I recently started using an outside software service at Collegewise to help us collect signatures by email for our employee documents. Enabling a particular option within the account requires that you contact them, and this week, I’d been bounced around to four different people, each less helpful than the previous one, when an account rep reached out over email to introduce himself. Great! I shared my problem and asked if he could help me fix it. He told me it sounded like a support problem and recommended I contact them (for the third time).
I replied that I’d already been down that road, and expressed that I was starting to question if the service was actually worth the money. That’s when this reply came back:
I would be happy to hop on a quick call to make sure I fully understand what you are trying to accomplish, and then point you in the right direction to make sure this doesn’t keep happening to you. Do you have some time available today?
Sure, that’s better. But why didn’t he start with that response?
Why did he wait until the potential of losing the account was on the table? I’d told him about my situation. He had all the information he needed. He could have swooped in, made a sincere offer to help, and made me feel better about the investment. But if I have to question whether or not I want to keep being a customer in order for him to be helpful, he hasn’t made the situation better. He’s prolonged the frustration. And worst of all, he’s shown me that the squeaky, complaining wheel will always get the grease of attention.

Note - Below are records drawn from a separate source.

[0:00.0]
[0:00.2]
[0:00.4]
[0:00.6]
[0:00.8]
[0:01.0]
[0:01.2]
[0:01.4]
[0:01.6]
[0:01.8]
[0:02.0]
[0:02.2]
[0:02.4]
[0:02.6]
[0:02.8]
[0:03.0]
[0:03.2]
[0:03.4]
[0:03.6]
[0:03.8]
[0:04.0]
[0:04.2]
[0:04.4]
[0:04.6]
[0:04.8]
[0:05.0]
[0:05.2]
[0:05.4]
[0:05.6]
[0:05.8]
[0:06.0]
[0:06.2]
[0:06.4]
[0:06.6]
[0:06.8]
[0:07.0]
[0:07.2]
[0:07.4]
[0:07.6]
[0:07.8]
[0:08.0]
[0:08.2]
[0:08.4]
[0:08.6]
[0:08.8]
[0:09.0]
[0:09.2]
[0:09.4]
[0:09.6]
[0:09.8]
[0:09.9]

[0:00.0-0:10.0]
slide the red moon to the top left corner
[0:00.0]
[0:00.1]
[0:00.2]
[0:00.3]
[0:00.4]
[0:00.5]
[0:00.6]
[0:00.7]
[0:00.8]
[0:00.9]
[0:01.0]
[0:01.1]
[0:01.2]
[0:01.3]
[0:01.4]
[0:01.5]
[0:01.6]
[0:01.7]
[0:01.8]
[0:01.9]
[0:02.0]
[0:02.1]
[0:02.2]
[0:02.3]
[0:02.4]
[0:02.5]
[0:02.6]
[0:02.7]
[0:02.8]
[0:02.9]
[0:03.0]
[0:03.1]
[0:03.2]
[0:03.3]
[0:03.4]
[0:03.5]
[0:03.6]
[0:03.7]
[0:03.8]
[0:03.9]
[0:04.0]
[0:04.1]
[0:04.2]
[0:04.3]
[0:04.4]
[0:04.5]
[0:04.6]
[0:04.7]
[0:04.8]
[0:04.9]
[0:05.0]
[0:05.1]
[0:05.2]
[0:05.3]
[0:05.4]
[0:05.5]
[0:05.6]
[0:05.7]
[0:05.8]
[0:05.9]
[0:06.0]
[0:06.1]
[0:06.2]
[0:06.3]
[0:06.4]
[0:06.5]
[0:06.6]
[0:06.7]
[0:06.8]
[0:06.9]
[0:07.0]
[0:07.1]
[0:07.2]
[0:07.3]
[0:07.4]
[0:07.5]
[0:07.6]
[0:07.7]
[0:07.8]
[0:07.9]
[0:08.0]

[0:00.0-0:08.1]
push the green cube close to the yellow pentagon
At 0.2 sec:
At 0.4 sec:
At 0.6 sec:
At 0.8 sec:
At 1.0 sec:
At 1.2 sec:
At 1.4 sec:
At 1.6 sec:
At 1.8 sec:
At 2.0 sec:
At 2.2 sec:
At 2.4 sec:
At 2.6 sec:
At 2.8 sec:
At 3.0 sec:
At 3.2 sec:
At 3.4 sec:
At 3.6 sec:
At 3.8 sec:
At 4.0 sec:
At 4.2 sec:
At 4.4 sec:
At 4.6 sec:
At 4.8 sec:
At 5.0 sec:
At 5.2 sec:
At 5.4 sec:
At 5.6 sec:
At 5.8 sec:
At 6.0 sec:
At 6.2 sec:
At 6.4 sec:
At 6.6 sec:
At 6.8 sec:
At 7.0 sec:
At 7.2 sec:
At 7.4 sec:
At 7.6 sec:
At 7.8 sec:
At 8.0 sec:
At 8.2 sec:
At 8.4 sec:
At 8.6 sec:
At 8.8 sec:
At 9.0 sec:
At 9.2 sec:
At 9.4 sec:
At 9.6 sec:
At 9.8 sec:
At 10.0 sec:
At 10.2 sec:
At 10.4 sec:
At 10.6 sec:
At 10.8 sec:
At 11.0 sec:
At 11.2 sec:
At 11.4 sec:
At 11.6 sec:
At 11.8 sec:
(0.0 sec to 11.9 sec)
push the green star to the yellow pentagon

If you serve customers or constituents, you won’t always have the answer or the solution to their problem. But you can apologize for what’s gone wrong. You can show them that you genuinely want to do what you can to fix it. You can make the effort to leave them a little (or a lot) better off than they were when they contacted you. And you can send them away feeling good about the interaction.
But you have to make the choice to do those things.
Don’t withhold your best reply until it’s the only tool left in your arsenal. Instead, give them your best response the first time.